Direito PenalCrimes contra o patrimônio
Código
qq271101
Banca
IBADE
Órgão
PC-AC
Ano
2017
Nível
Superior
Cargo
Delegado de Polícia Civil
Apropriar-se de coisa que está em sua detenção - embora vigiada -, com dolo de assenhoramento surgido posteriormente ao recebimento da coisa e valendo-se de concurso de pessoas na execução da conduta, configura crime de:
  1. Afurto qualificado.
  2. Bapropriação indébita.
  3. Capropriação indébita qualificada.
  4. Dfurto.
  5. Eestelionato.
Revelar gabarito e comentário

GabaritoA — furto qualificado.

Comentário gerado por IA. É um apoio ao estudo, ancorado em fontes, mas pode conter imprecisões — confira sempre na fonte oficial (lei, súmula, edital e gabarito da banca). Encontrou um erro? Use “Reportar”.

Crimes contra o patrimônio: furto qualificado x apropriação indébita

Gabarito: letra A. A conduta descrita — apropriar-se de coisa em sua detenção, mas sob vigilância, com dolo posterior e concurso de pessoas — configura furto qualificado, não apropriação indébita. A vigilância retira a disponibilidade plena da coisa, e o concurso de agentes é qualificadora do furto (CP, art. 155, §4º, IV), ausente no art. 168.

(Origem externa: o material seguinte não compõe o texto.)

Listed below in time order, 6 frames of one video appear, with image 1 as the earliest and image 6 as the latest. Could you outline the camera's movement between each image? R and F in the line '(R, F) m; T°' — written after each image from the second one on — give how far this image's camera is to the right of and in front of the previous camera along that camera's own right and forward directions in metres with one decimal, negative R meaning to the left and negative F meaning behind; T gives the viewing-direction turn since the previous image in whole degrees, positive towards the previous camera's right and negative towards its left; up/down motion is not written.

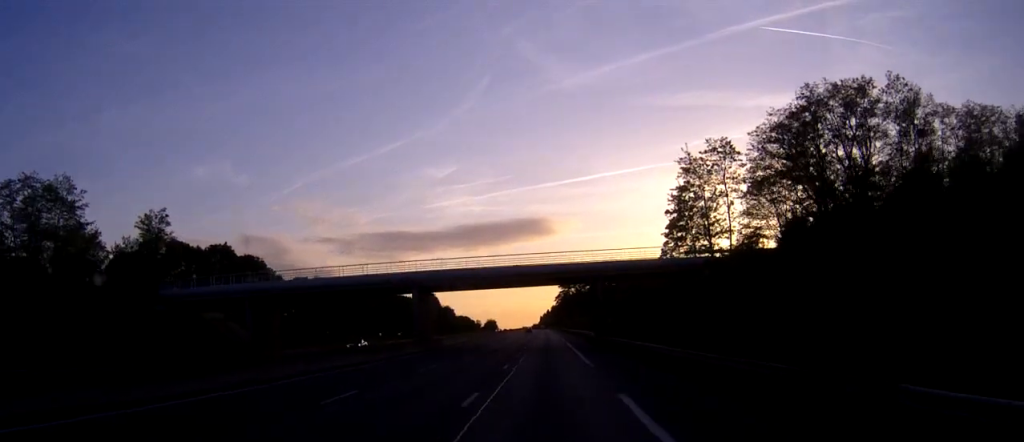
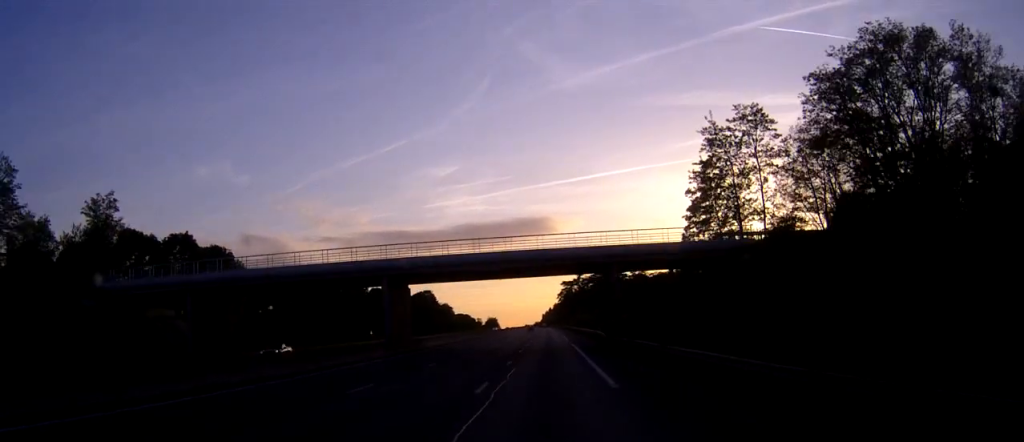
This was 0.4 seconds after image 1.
(0.0, +11.1) m; 0°
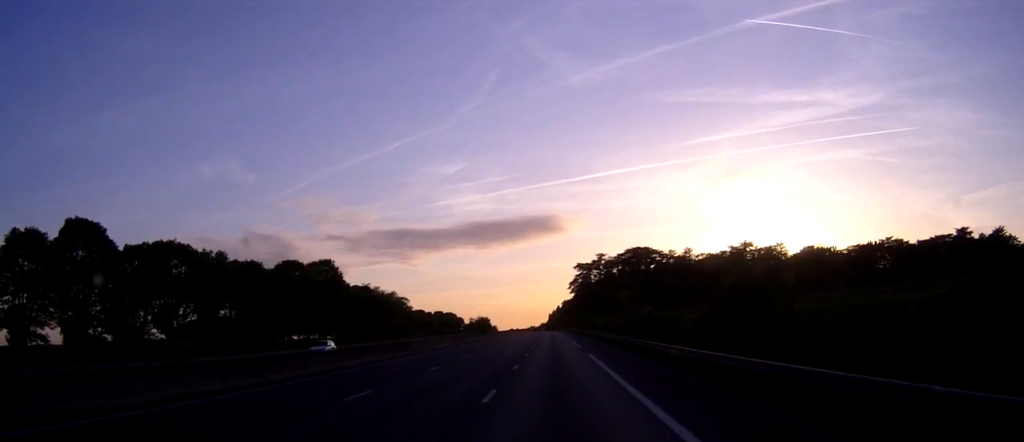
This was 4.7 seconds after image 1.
(-1.2, +118.3) m; -1°
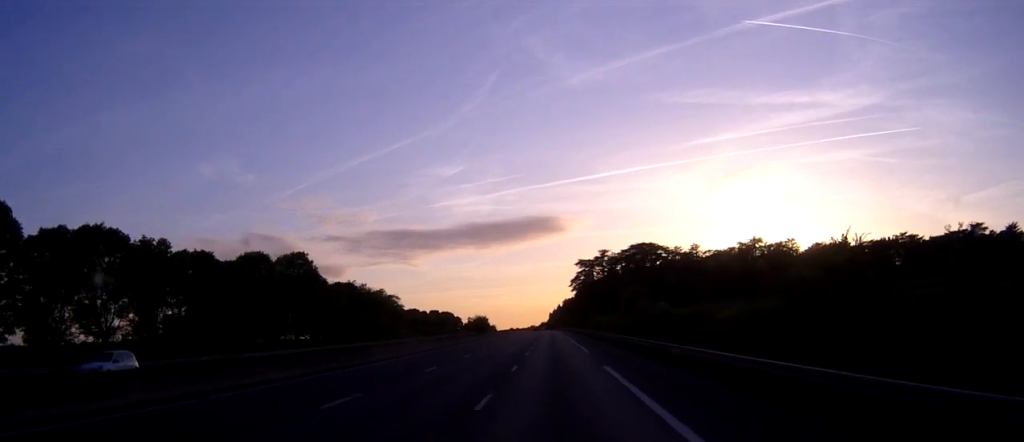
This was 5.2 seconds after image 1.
(0.0, +14.4) m; 0°
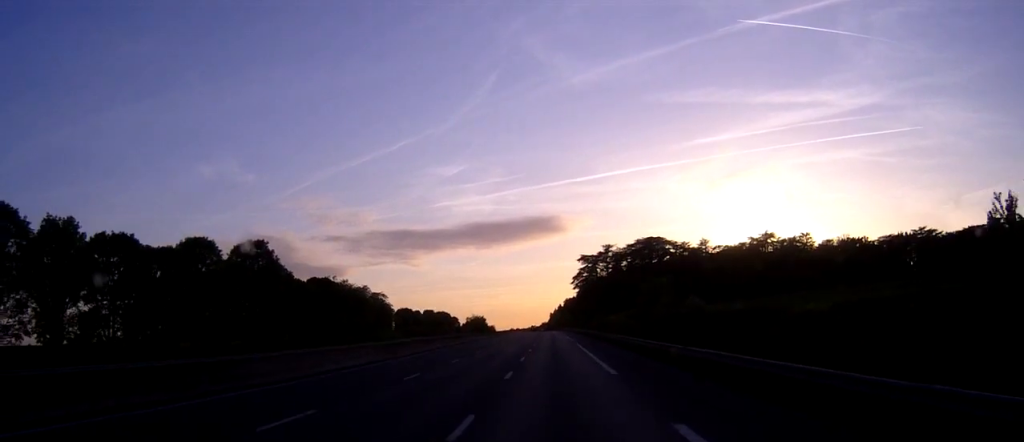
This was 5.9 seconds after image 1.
(0.0, +17.1) m; 0°
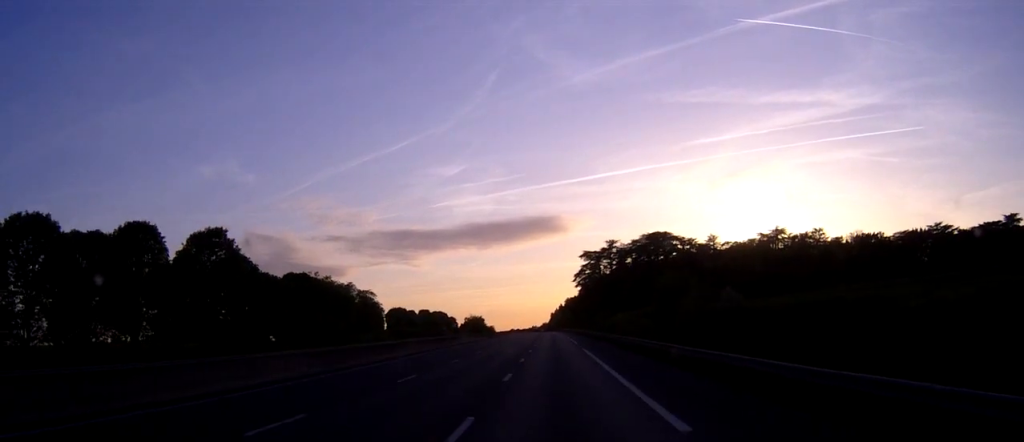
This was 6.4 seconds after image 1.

A chave da questão está na interpretação da "detenção" sob vigilância: o agente não tem posse desembaraçada; precisa superar a vigilância para se assenhorar da coisa, o que caracteriza subtração. O concurso de duas ou mais pessoas eleva o crime à forma qualificada do furto.

Elemento / Característica

Furto Qualificado (art. 155, §4º, IV)

Apropriação Indébita (art. 168)

Apropriação Indébita Qualificada (art. 168, §1º)

Furto Simples (art. 155, caput)

Estelionato (art. 171)

Relação inicial com a coisa

Detenção sob vigilância (sem posse desembaraçada)

Posse ou detenção desembaraçada (sem vigilância)

Posse ou detenção desembaraçada (sem vigilância)

Sem detenção ou posse prévia

Posse obtida mediante fraude

Dolo

Posterior (após receber a coisa)

Posterior (após receber a coisa)

Posterior (após receber a coisa)

Anterior ou concomitante à subtração

Anterior (desde o início há intenção de obter vantagem ilícita)

Conduta típica

Subtrair (superar vigilância para assenhorear-se)

Apropriar-se (reter ou não restituir)

Apropriar-se (reter ou não restituir)

Subtrair (sem vigilância a superar)

Induzir ou manter em erro (mediante fraude)

Concurso de pessoas

Qualificadora presente (art. 155, §4º, IV)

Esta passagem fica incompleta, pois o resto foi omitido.